If you think hearing aid battery packaging is bad, try getting into the fortress of Ryobi power tool battery packaging. It’s designed to prevent theft, like so many other products going back at least 30 years when I read that tamper resistant packaging was causing many emergency room visits. Considering that the problem has been with us that long without mitigation, it’s unlikely to go away soon. Also, those batteries are now locked up at Home Depot. Not only does one need to find an employee to unlock the cage, the employee is required to walk the buyer to the checkout and remove the anti-theft clamp that’s attached. It’s just another example of everyone needing to pitch in to keep prices down, same as getting your cart checked at Costco. Anyway, I find that aviation snips work well on that tough plastic.
AUGH! Similar to cold meds containing pseudoephedrine that folks were commandeering to make meth. Too many regulations thanks to knuckleheads out there.
I received an email from someone who wished not to be identified. He asked me to share the following letter …

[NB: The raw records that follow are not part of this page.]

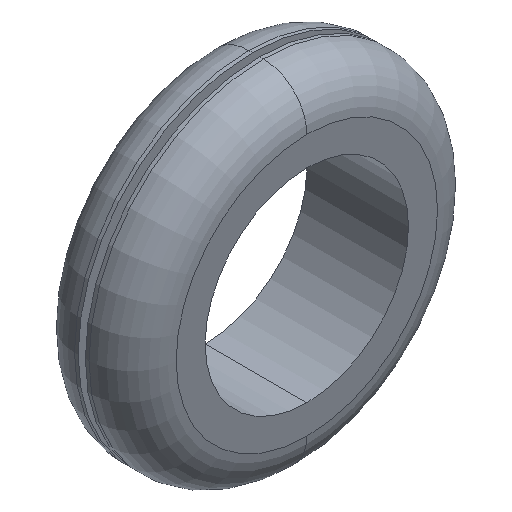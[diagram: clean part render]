
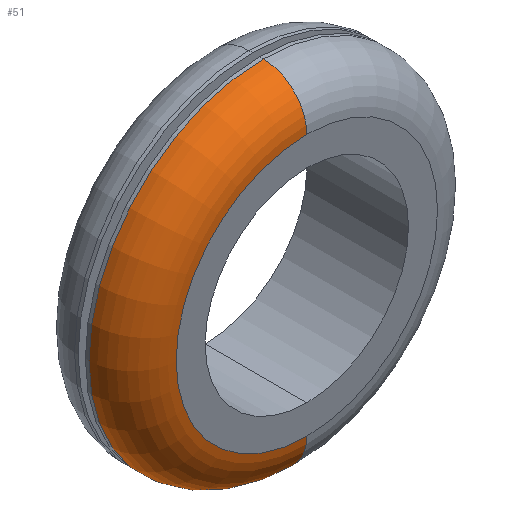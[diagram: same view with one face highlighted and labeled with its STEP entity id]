
A CAD part, isometric view. The second image highlights one B-rep face of the part: STEP entity #51.
In plain terms, the highlighted toroidal (fillet/blend) face has major radius 18 mm and minor radius 6 mm.
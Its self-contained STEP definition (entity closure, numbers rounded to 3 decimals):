
#48 = EDGE_CURVE ( 'NONE', #74, #70, #486, .T. ) ;
#51 = ADVANCED_FACE ( 'NONE', ( #485 ), #495, .T. ) ;
#52 = EDGE_LOOP ( 'NONE', ( #53, #54, #56, #57 ) ) ;
#53 = ORIENTED_EDGE ( 'NONE', *, *, #73, .F. ) ;
#54 = ORIENTED_EDGE ( 'NONE', *, *, #55, .T. ) ;
#55 = EDGE_CURVE ( 'NONE', #145, #140, #488, .T. ) ;
#56 = ORIENTED_EDGE ( 'NONE', *, *, #76, .T. ) ;
#57 = ORIENTED_EDGE ( 'NONE', *, *, #48, .F. ) ;
#70 = VERTEX_POINT ( 'NONE', #505 ) ;
#73 = EDGE_CURVE ( 'NONE', #145, #74, #228, .T. ) ;
#74 = VERTEX_POINT ( 'NONE', #230 ) ;
#76 = EDGE_CURVE ( 'NONE', #140, #70, #235, .T. ) ;
#140 = VERTEX_POINT ( 'NONE', #358 ) ;
#145 = VERTEX_POINT ( 'NONE', #328 ) ;
#226 = CARTESIAN_POINT ( 'NONE',  ( 0., -1., -18. ) ) ;
#227 = CARTESIAN_POINT ( 'NONE',  ( 0., -1., 18. ) ) ;
#228 = CIRCLE ( 'NONE', #229, 6. ) ;
#229 = AXIS2_PLACEMENT_3D ( 'NONE', #226, #237, #231 ) ;
#230 = CARTESIAN_POINT ( 'NONE',  ( 0., -1., -24. ) ) ;
#231 = DIRECTION ( 'NONE',  ( 0., 0., -1. ) ) ;
#232 = DIRECTION ( 'NONE',  ( -1., 0., 0. ) ) ;
#233 = DIRECTION ( 'NONE',  ( 0., 0., 1. ) ) ;
#234 = AXIS2_PLACEMENT_3D ( 'NONE', #227, #232, #233 ) ;
#235 = CIRCLE ( 'NONE', #234, 6. ) ;
#237 = DIRECTION ( 'NONE',  ( 1., 0., 0. ) ) ;
#328 = CARTESIAN_POINT ( 'NONE',  ( 0., -7., -18. ) ) ;
#358 = CARTESIAN_POINT ( 'NONE',  ( 0., -7., 18. ) ) ;
#479 = DIRECTION ( 'NONE',  ( 0., 0., 1. ) ) ;
#480 = AXIS2_PLACEMENT_3D ( 'NONE', #494, #482, #479 ) ;
#482 = DIRECTION ( 'NONE',  ( 0., 1., 0. ) ) ;
#483 = DIRECTION ( 'NONE',  ( 0., 0., 1. ) ) ;
#484 = AXIS2_PLACEMENT_3D ( 'NONE', #491, #497, #483 ) ;
#485 = FACE_OUTER_BOUND ( 'NONE', #52, .T. ) ;
#486 = CIRCLE ( 'NONE', #493, 24. ) ;
#487 = DIRECTION ( 'NONE',  ( 0., 1., 0. ) ) ;
#488 = CIRCLE ( 'NONE', #480, 18. ) ;
#491 = CARTESIAN_POINT ( 'NONE',  ( 0., -1., 0. ) ) ;
#492 = CARTESIAN_POINT ( 'NONE',  ( 0., -1., 0. ) ) ;
#493 = AXIS2_PLACEMENT_3D ( 'NONE', #492, #487, #496 ) ;
#494 = CARTESIAN_POINT ( 'NONE',  ( 0., -7., 0. ) ) ;
#495 = TOROIDAL_SURFACE ( 'NONE', #484, 18., 6. ) ;
#496 = DIRECTION ( 'NONE',  ( 0., 0., 1. ) ) ;
#497 = DIRECTION ( 'NONE',  ( 0., 1., 0. ) ) ;
#505 = CARTESIAN_POINT ( 'NONE',  ( 0., -1., 24. ) ) ;

Reese’s law: adverse unintended consequences; seeking remediation; battery type 312 zinc air. (178.1 KB)
Actually that Ryobi one got me- The twin 5AH Pack offer they did in the Autumn for £80 odd. Real fight and cut my hand on it too. Getting to a point where you need a hot-knife just to look at opening them.
I had to replace my car key battery recently. I bought the new battery at the car parts store. When I tried to open the pack, I got to the second layer and was stuck. The clerk had a pocket knife and got the battery out of the pack. There was no way to free that battery without a tool - knife or scissor. I can’t imagine trying that on small HA batteries. I guess I am glad I have rechargeables.
You are making a mountain out a mole hill.
Amazon sells cheap hearing aid battery containers. The one I bought comes with five, two battery containers.
Just put one in your car, office desk, purse, or on your key chain.
Cheap, pointed school scissors will work, and you can buy one at just about every grocery store, Walmart, or Target. I haven’t tested the rounded pointed school scissors yet, but I wouldn’t be surprised if they work too.
As far as I can tell, most hearing aid manufactures are phasing out the replaceable battery and just going with the rechargeable battery.
Bravo to whoever wrote this. I thought of bringing it up with my congressman’s office as a constituent service matter (he isn’t one of the sponsors). My wife suggested instead that I contact AARP’s government policy office. I sent an email a few weeks ago and just called to follow up.
I could take a bus or walk to the CPSC’s office and ask to speak to someone, for whatever that would be worth. But I don’t think it’s a good idea these days.
It won’t do you any good. The packaging was tested to federal testing standards, which includes the elderly person testing section, and approved.
Just use a pair of scissors and cut to the center of the package on both sides of the battery. This form a pie shape section from which the battery is easily removed.